The most promising biochemical markers for dementias that are measured in cerebrospinal fluid (CSF) are the amyloid Aβ42 peptide, tau protein and its phosphorylated form p-tau181. From a cohort of 236 Greek dementia patients, after excluding all patients with an AD biochemical CSF profile, 118 well-ascertained patients with FTD were selected for genetic analysis in eight dementia genes. Pathogenic or likely pathogenic variants were identified in 16 cases (13.6%). These included repeat expansions in C9orf72 and loss-of-function GRN variants, and likely pathogenic variants in TARDBP, MAPT, and PSEN1 genes. The aforementioned screen revealed a high genetic burden in familial Greek cases with FTD (30.4%), whereas only two of the sporadic cases (3.5%) carried a likely pathogenic variant. A substantial number of familial cases still remain without an obvious causal variant, suggesting the existence of other FTD genetic causes besides those currently screened in clinical routine. Following our study that revealed the presence of the single nucleotide polymorphism (SNP) rs80356740 in the TARDBP gene (p.I383V) in three unrelated patients, we applied a fast and accurate real-time qPCR-melting curve analysis method that was developed in our lab for the detection of this particular SNP in a larger cohort: 142 patients with FTD and 111 healthy control subjects in total. The SNP was detected in another two patients raising its yield in patients with FTD to 3.5% (5 out of 142 patients) while one in 111 healthy controls was found to be a carrier. However, its frequency in the general population has been reported extremely low in international SNP exacs (0.002%). This fact along with the indicated pathogenicity of this SNP in some bioinformatics tools, suggest that TARDBP p.I383V is recurrent and likely pathogenic for the Greek population with FTD. Our high-throughput method could be used for genotyping in other larger patient cohorts and in other populations. Additionally, functional in vitro studies are required for the final adjudication of this TARDBP alteration as a pathogenic alteration.
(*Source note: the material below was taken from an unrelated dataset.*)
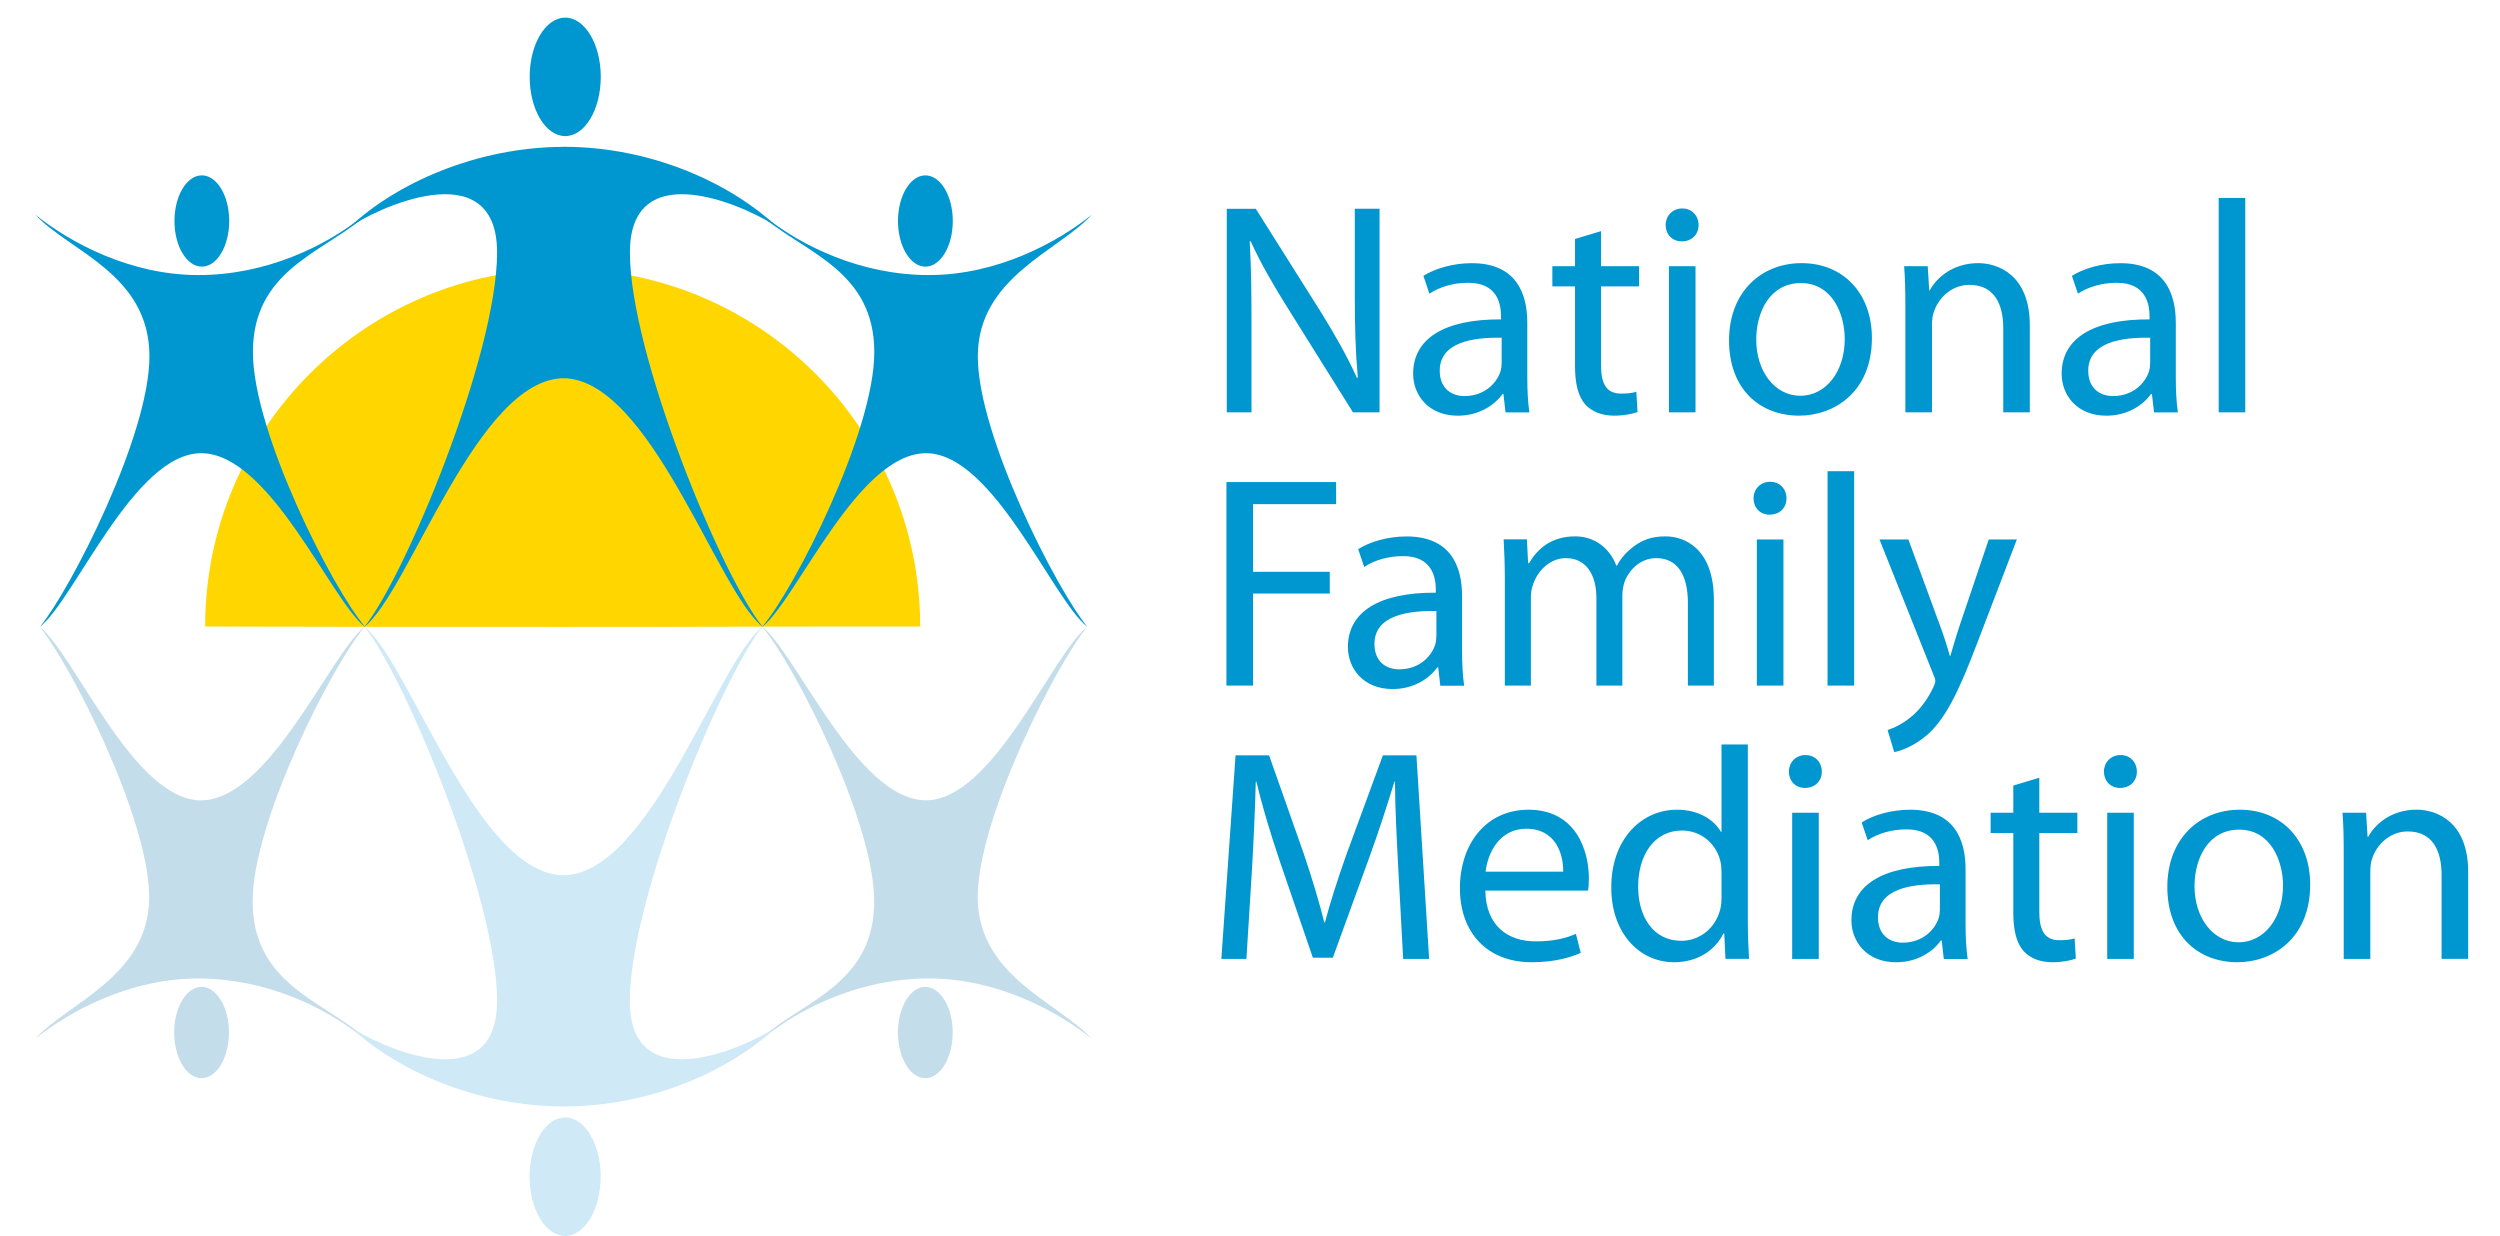 <?xml version="1.0" encoding="UTF-8"?><svg xmlns="http://www.w3.org/2000/svg" id="Layer_1" version="1.1" viewBox="0 0 584.5 288.95"><defs><style> .st0 { fill: #cfe9f6; } .st1 { fill: #0097d0; } .st2 { fill: #c4ddea; } .st3 { fill: #ffd600; } </style></defs><path class="st3" d="M131.55,146.57c46.17,0,27-.09,83.59-.09,0-46.17-37.43-83.6-83.59-83.6s-83.59,37.43-83.59,83.6c44.58.09,37.43.09,83.59.09"/><path class="st1" d="M123.84,17.97c0-7.65,3.72-13.85,8.31-13.85s8.31,6.2,8.31,13.85-3.72,13.85-8.31,13.85-8.31-6.2-8.31-13.85"/><path class="st1" d="M216.52,105.96c15.72,0,29.57,34.21,37.69,40.59-7.23-8.83-25.6-44.76-25.6-63.22s18.83-24.61,26.65-33.12c-8.07,6.48-22.11,14.1-38.09,14.1s-29.71-6.81-38.16-13.51l-.22.26c9.96,8.22,25.62,12.49,25.62,31.28s-18.71,55.43-26.17,64.15l.03.04c8.09-6.56,22.27-40.57,38.25-40.57"/><path class="st1" d="M222.76,51.67c0-5.89-2.87-10.67-6.4-10.67s-6.41,4.78-6.41,10.67,2.87,10.67,6.41,10.67c3.54,0,6.4-4.77,6.4-10.67"/><path class="st1" d="M131.57,88.42c20.4,0,36.19,49.86,46.74,58.14-9.39-11.46-31.04-63.56-31.04-87.51s29.09-9.93,34.59-5.84c-10.75-10.21-29.34-18.89-50.08-18.89"/><path class="st0" d="M123.82,275.1c0,7.65,3.72,13.85,8.31,13.85s8.31-6.2,8.31-13.85-3.72-13.85-8.31-13.85-8.31,6.2-8.31,13.85"/><path class="st2" d="M46.96,187.12c-15.72,0-29.57-34.21-37.69-40.59,7.24,8.83,25.6,44.76,25.6,63.22s-18.84,24.61-26.65,33.12c8.07-6.48,22.12-14.1,38.1-14.1s29.71,6.81,38.15,13.51l.22-.26c-9.96-8.22-25.62-12.49-25.62-31.28s18.71-55.43,26.17-64.15l-.04-.03c-8.08,6.54-22.26,40.56-38.24,40.56"/><path class="st2" d="M40.72,241.4c0,5.89,2.87,10.67,6.41,10.67s6.4-4.78,6.4-10.67-2.87-10.67-6.4-10.67-6.41,4.78-6.41,10.67"/><path class="st0" d="M131.92,204.65c-20.4,0-36.19-49.86-46.74-58.14,9.39,11.46,31.04,63.56,31.04,87.51s-29.09,9.93-34.59,5.84c10.75,10.21,29.55,18.84,50.29,18.84"/><path class="st2" d="M216.5,187.11c15.72,0,29.56-34.21,37.69-40.59-7.23,8.83-25.6,44.76-25.6,63.22s18.83,24.61,26.65,33.12c-8.07-6.48-22.12-14.1-38.09-14.1s-29.71,6.81-38.16,13.51l-.22-.26c9.97-8.22,25.62-12.49,25.62-31.28s-18.71-55.43-26.17-64.15l.04-.04c8.08,6.56,22.26,40.57,38.24,40.57"/><path class="st2" d="M222.74,241.4c0,5.89-2.86,10.67-6.4,10.67s-6.4-4.78-6.4-10.67,2.87-10.67,6.4-10.67c3.53,0,6.4,4.78,6.4,10.67"/><path class="st0" d="M131.55,204.65c20.4,0,36.19-49.86,46.74-58.14-9.39,11.46-31.04,63.56-31.04,87.51s29.09,9.93,34.59,5.84c-10.75,10.21-29.34,18.84-50.07,18.84"/><path class="st1" d="M547.96,224.2h6.22v-20.55c0-1.06.14-2.12.42-2.9,1.13-3.46,4.31-6.36,8.33-6.36,5.86,0,7.91,4.59,7.91,10.1v19.7h6.22v-20.34c0-11.72-7.34-14.55-12.08-14.55-5.65,0-9.6,3.18-11.3,6.36h-.14l-.35-5.65h-5.51c.21,2.82.28,5.65.28,9.25v24.94M523.53,193.97c7.34,0,10.24,7.27,10.24,13.06,0,7.7-4.45,13.28-10.38,13.28s-10.31-5.65-10.31-13.14c0-6.42,3.17-13.2,10.45-13.2ZM523.67,189.31c-9.39,0-16.95,6.71-16.95,18.08s7.2,17.58,16.38,17.58c8.19,0,17.02-5.51,17.02-18.15,0-10.38-6.63-17.51-16.45-17.51ZM495.78,176.53c-2.33,0-3.88,1.77-3.88,3.88s1.48,3.81,3.74,3.81c2.47,0,3.96-1.69,3.96-3.81,0-2.19-1.56-3.88-3.82-3.88ZM492.67,224.2h6.21v-34.18h-6.21v34.18ZM470.71,183.66v6.36h-5.3v4.73h5.3v18.64c0,4.02.71,7.06,2.4,8.97,1.48,1.63,3.81,2.61,6.71,2.61,2.4,0,4.31-.42,5.51-.85l-.28-4.73c-.92.28-1.91.43-3.6.43-3.46,0-4.66-2.4-4.66-6.64v-18.43h8.9v-4.73h-8.9v-8.19l-6.08,1.83ZM453.54,212.69c0,.57-.07,1.27-.28,1.98-.99,2.9-3.89,5.72-8.4,5.72-3.11,0-5.79-1.84-5.79-5.93,0-6.64,7.7-7.84,14.48-7.7v5.93h-.01ZM459.55,203.22c0-6.78-2.54-13.91-12.99-13.91-4.31,0-8.47,1.2-11.3,2.97l1.41,4.17c2.4-1.63,5.72-2.54,8.97-2.54,6.99-.07,7.77,5.08,7.77,7.84v.71c-13.21-.07-20.55,4.45-20.55,12.71,0,4.94,3.53,9.81,10.45,9.81,4.87,0,8.55-2.4,10.45-5.08h.21l.49,4.31h5.58c-.35-2.33-.49-5.23-.49-8.19v-12.8h0ZM422.12,176.53c-2.33,0-3.88,1.77-3.88,3.88s1.48,3.81,3.74,3.81c2.47,0,3.96-1.69,3.96-3.81,0-2.19-1.56-3.88-3.82-3.88ZM419.01,224.2h6.22v-34.18h-6.22v34.18ZM402.49,209.86c0,.99-.07,1.84-.28,2.68-1.13,4.59-4.94,7.42-9.11,7.42-6.64,0-10.1-5.72-10.1-12.64,0-7.49,3.81-13.14,10.24-13.14,4.66,0,8.05,3.25,8.97,7.13.21.78.28,1.84.28,2.61v5.94ZM402.49,174.06v20.41h-.14c-1.55-2.68-5.02-5.16-10.31-5.16-8.26,0-15.4,6.92-15.32,18.29,0,10.38,6.43,17.37,14.69,17.37,5.58,0,9.67-2.9,11.51-6.71h.21l.28,5.93h5.51c-.14-2.33-.28-5.79-.28-8.83v-41.31h-6.15ZM347.33,203.79c.49-4.31,3.18-10.03,9.53-10.03,6.99,0,8.69,6.14,8.61,10.03h-18.14ZM371.27,208.24c.14-.71.21-1.62.21-2.9,0-6.28-2.9-16.03-14.12-16.03-9.96,0-16.03,8.05-16.03,18.36s6.28,17.3,16.81,17.3c5.44,0,9.25-1.2,11.44-2.19l-1.13-4.45c-2.26.99-5.01,1.76-9.46,1.76-6.28,0-11.58-3.46-11.72-11.86h24ZM328.06,224.2h6.07l-2.97-47.6h-7.84l-8.47,23.02c-2.12,6-3.81,11.23-5.08,16.03h-.14c-1.27-4.94-2.82-10.17-4.8-16.03l-8.12-23.02h-7.84l-3.32,47.6h5.86l1.27-20.41c.42-7.2.78-15.11.92-21.04h.14c1.34,5.65,3.18,11.72,5.44,18.5l7.77,22.67h4.66l8.4-23.09c2.4-6.57,4.31-12.57,6-18.08h.14c0,5.86.43,13.91.78,20.55l1.13,20.9Z"/><path class="st1" d="M439.42,126.12l12.57,31.5c.35.78.49,1.27.49,1.62s-.21.85-.49,1.48c-1.48,3.18-3.53,5.58-5.23,6.92-1.84,1.55-3.88,2.54-5.44,3.04l1.55,5.16c1.55-.28,4.52-1.34,7.63-3.95,4.24-3.74,7.27-9.68,11.72-21.4l9.32-24.36h-6.57l-6.78,20.06c-.85,2.47-1.55,5.08-2.19,7.13h-.14c-.57-2.05-1.41-4.73-2.26-6.99l-7.42-20.2h-6.76M427.28,160.3h6.22v-50.14h-6.22v50.14ZM413.86,112.64c-2.33,0-3.88,1.76-3.88,3.88s1.48,3.81,3.74,3.81c2.47,0,3.96-1.69,3.96-3.81,0-2.19-1.56-3.88-3.82-3.88ZM410.75,160.3h6.22v-34.18h-6.22v34.18ZM351.85,160.3h6.07v-20.55c0-1.06.14-2.19.49-3.04.99-3.11,3.88-6.22,7.7-6.22,4.73,0,7.13,3.88,7.13,9.32v20.48h6.07v-21.11c0-1.13.21-2.19.49-3.11,1.13-2.96,3.81-5.58,7.42-5.58,4.94,0,7.41,3.88,7.41,10.52v19.28h6.07v-20.06c0-11.86-6.71-14.83-11.3-14.83-3.25,0-5.44.85-7.49,2.4-1.41,1.06-2.82,2.47-3.88,4.45h-.14c-1.48-4.02-5.01-6.85-9.61-6.85-5.72,0-8.9,3.04-10.8,6.28h-.21l-.28-5.58h-5.44c.14,2.83.28,5.65.28,9.25v24.95h.02ZM335.82,148.79c0,.57-.07,1.27-.28,1.98-.99,2.9-3.88,5.72-8.4,5.72-3.11,0-5.79-1.84-5.79-5.93,0-6.64,7.7-7.84,14.48-7.7v5.93h-.01ZM341.83,139.33c0-6.78-2.54-13.91-12.99-13.91-4.31,0-8.48,1.2-11.3,2.97l1.41,4.17c2.4-1.62,5.72-2.54,8.97-2.54,6.99-.07,7.77,5.08,7.77,7.84v.71c-13.2-.07-20.55,4.45-20.55,12.71,0,4.94,3.53,9.82,10.45,9.82,4.87,0,8.55-2.4,10.45-5.08h.21l.49,4.31h5.58c-.35-2.33-.49-5.22-.49-8.19v-12.81h0ZM286.74,160.3h6.22v-21.54h17.94v-5.08h-17.94v-15.82h19.42v-5.16h-25.64v47.6Z"/><path class="st1" d="M518.73,96.41h6.21v-50.14h-6.21v50.14ZM502.7,84.9c0,.56-.07,1.27-.28,1.98-.99,2.9-3.88,5.72-8.4,5.72-3.11,0-5.79-1.84-5.79-5.93,0-6.64,7.7-7.84,14.48-7.7v5.93s-.01,0-.01,0ZM508.7,75.44c0-6.78-2.54-13.91-12.99-13.91-4.31,0-8.47,1.2-11.3,2.96l1.41,4.17c2.4-1.62,5.72-2.54,8.97-2.54,6.99-.07,7.77,5.08,7.77,7.84v.71c-13.21-.07-20.55,4.45-20.55,12.71,0,4.94,3.53,9.81,10.45,9.81,4.87,0,8.55-2.4,10.45-5.08h.21l.49,4.31h5.58c-.35-2.33-.49-5.22-.49-8.19v-12.79h0ZM445.49,96.41h6.21v-20.55c0-1.06.14-2.12.42-2.9,1.13-3.46,4.31-6.36,8.33-6.36,5.86,0,7.91,4.59,7.91,10.1v19.7h6.21v-20.33c0-11.72-7.34-14.55-12.08-14.55-5.65,0-9.61,3.18-11.3,6.36h-.14l-.35-5.65h-5.51c.21,2.82.28,5.65.28,9.25v24.93s.02,0,.02,0ZM421.06,66.18c7.34,0,10.24,7.28,10.24,13.07,0,7.7-4.45,13.28-10.38,13.28s-10.31-5.65-10.31-13.14c0-6.43,3.18-13.21,10.45-13.21ZM421.2,61.52c-9.39,0-16.95,6.71-16.95,18.08s7.2,17.58,16.38,17.58c8.19,0,17.02-5.51,17.02-18.15.01-10.38-6.63-17.51-16.45-17.51ZM393.31,48.74c-2.33,0-3.88,1.77-3.88,3.88s1.48,3.81,3.74,3.81c2.47,0,3.96-1.69,3.96-3.81,0-2.18-1.56-3.88-3.82-3.88ZM390.2,96.41h6.21v-34.18h-6.21v34.18ZM368.24,55.87v6.36h-5.3v4.73h5.3v18.64c0,4.02.71,7.06,2.4,8.97,1.48,1.62,3.81,2.61,6.71,2.61,2.4,0,4.31-.42,5.51-.85l-.28-4.73c-.92.28-1.91.42-3.6.42-3.46,0-4.66-2.4-4.66-6.64v-18.42h8.9v-4.73h-8.9v-8.19l-6.08,1.83ZM351.08,84.9c0,.56-.07,1.27-.28,1.98-.99,2.9-3.88,5.72-8.4,5.72-3.11,0-5.79-1.84-5.79-5.93,0-6.64,7.7-7.84,14.48-7.7v5.93s-.01,0-.01,0ZM357.08,75.44c0-6.78-2.54-13.91-12.99-13.91-4.31,0-8.47,1.2-11.3,2.96l1.41,4.17c2.4-1.62,5.72-2.54,8.97-2.54,6.99-.07,7.77,5.08,7.77,7.84v.71c-13.2-.07-20.55,4.45-20.55,12.71,0,4.94,3.53,9.81,10.45,9.81,4.87,0,8.55-2.4,10.45-5.08h.21l.49,4.31h5.58c-.35-2.33-.49-5.22-.49-8.19v-12.79h0ZM292.6,96.41v-20.34c0-7.91-.07-13.63-.42-19.63l.21-.07c2.33,5.16,5.51,10.59,8.83,15.89l15.11,24.15h6.21v-47.6h-5.79v19.91c0,7.42.14,13.21.71,19.56l-.21.07c-2.19-4.87-5.01-9.89-8.47-15.46l-15.18-24.08h-6.78v47.6h5.78Z"/><path class="st1" d="M47.03,105.96c-15.71,0-29.57,34.21-37.69,40.59,7.23-8.83,25.6-44.76,25.6-63.22,0-19.33-18.84-24.61-26.66-33.12,8.07,6.48,22.11,14.1,38.09,14.1s29.71-6.81,38.16-13.51l.22.26c-9.97,8.22-25.62,12.49-25.62,31.28s18.71,55.43,26.17,64.15l-.04.04c-8.07-6.56-22.25-40.57-38.23-40.57"/><path class="st1" d="M40.79,51.67c0-5.89,2.87-10.67,6.4-10.67s6.4,4.78,6.4,10.67-2.87,10.67-6.4,10.67c-3.53,0-6.4-4.77-6.4-10.67"/><path class="st1" d="M131.92,88.42c-20.4,0-36.19,49.86-46.74,58.14,9.39-11.46,31.04-63.56,31.04-87.51s-29.09-9.93-34.59-5.84c10.75-10.21,29.66-18.88,50.39-18.88"/></svg>

ii) Genotyping of apolipoprotein APOE in AD and MCI
The apolipoprotein E4 allele (APOE4) constitutes an established genetic risk factor for Alzheimer's disease (AD). We aimed to explore the frequency of the APOE isoforms in the Greek population of Southern Greece. Peripheral blood from 175 Greek AD patients, 113 with mild cognitive impairment (MCI), and 75 healthy individuals. DNA isolation was performed with a High Pure PCR Template Kit (Roche), followed by amplification with a real-time qPCR kit (TIB MolBiol) in Roche's Light Cycler PCR platform. APOE4 allele frequency was 20.57% in the ADD group, 17.69% in the MCI group, and 6.67% in the control group. APOE3/3 homozygosity was the most common genotype, while the frequency of APOE4/4 homozygosity was higher in the AD group (8.60%). APOE4 carrier status was associated with higher odds for AD and MCI (OR: 4.49, 95% CI: [1.90-10.61] and OR: 3.82, 95% CI: [1.59-9.17], respectively). This study examines the APOE isoforms and is the first to report a higher APOE frequency in MCI compared with healthy controls in southern Greece. Importantly, we report the occurrence of the APOE4 allele, related to AD, as amongst the lowest globally reported, even within the nation, thus enhancing the theory of ethnicity and latitude contribution.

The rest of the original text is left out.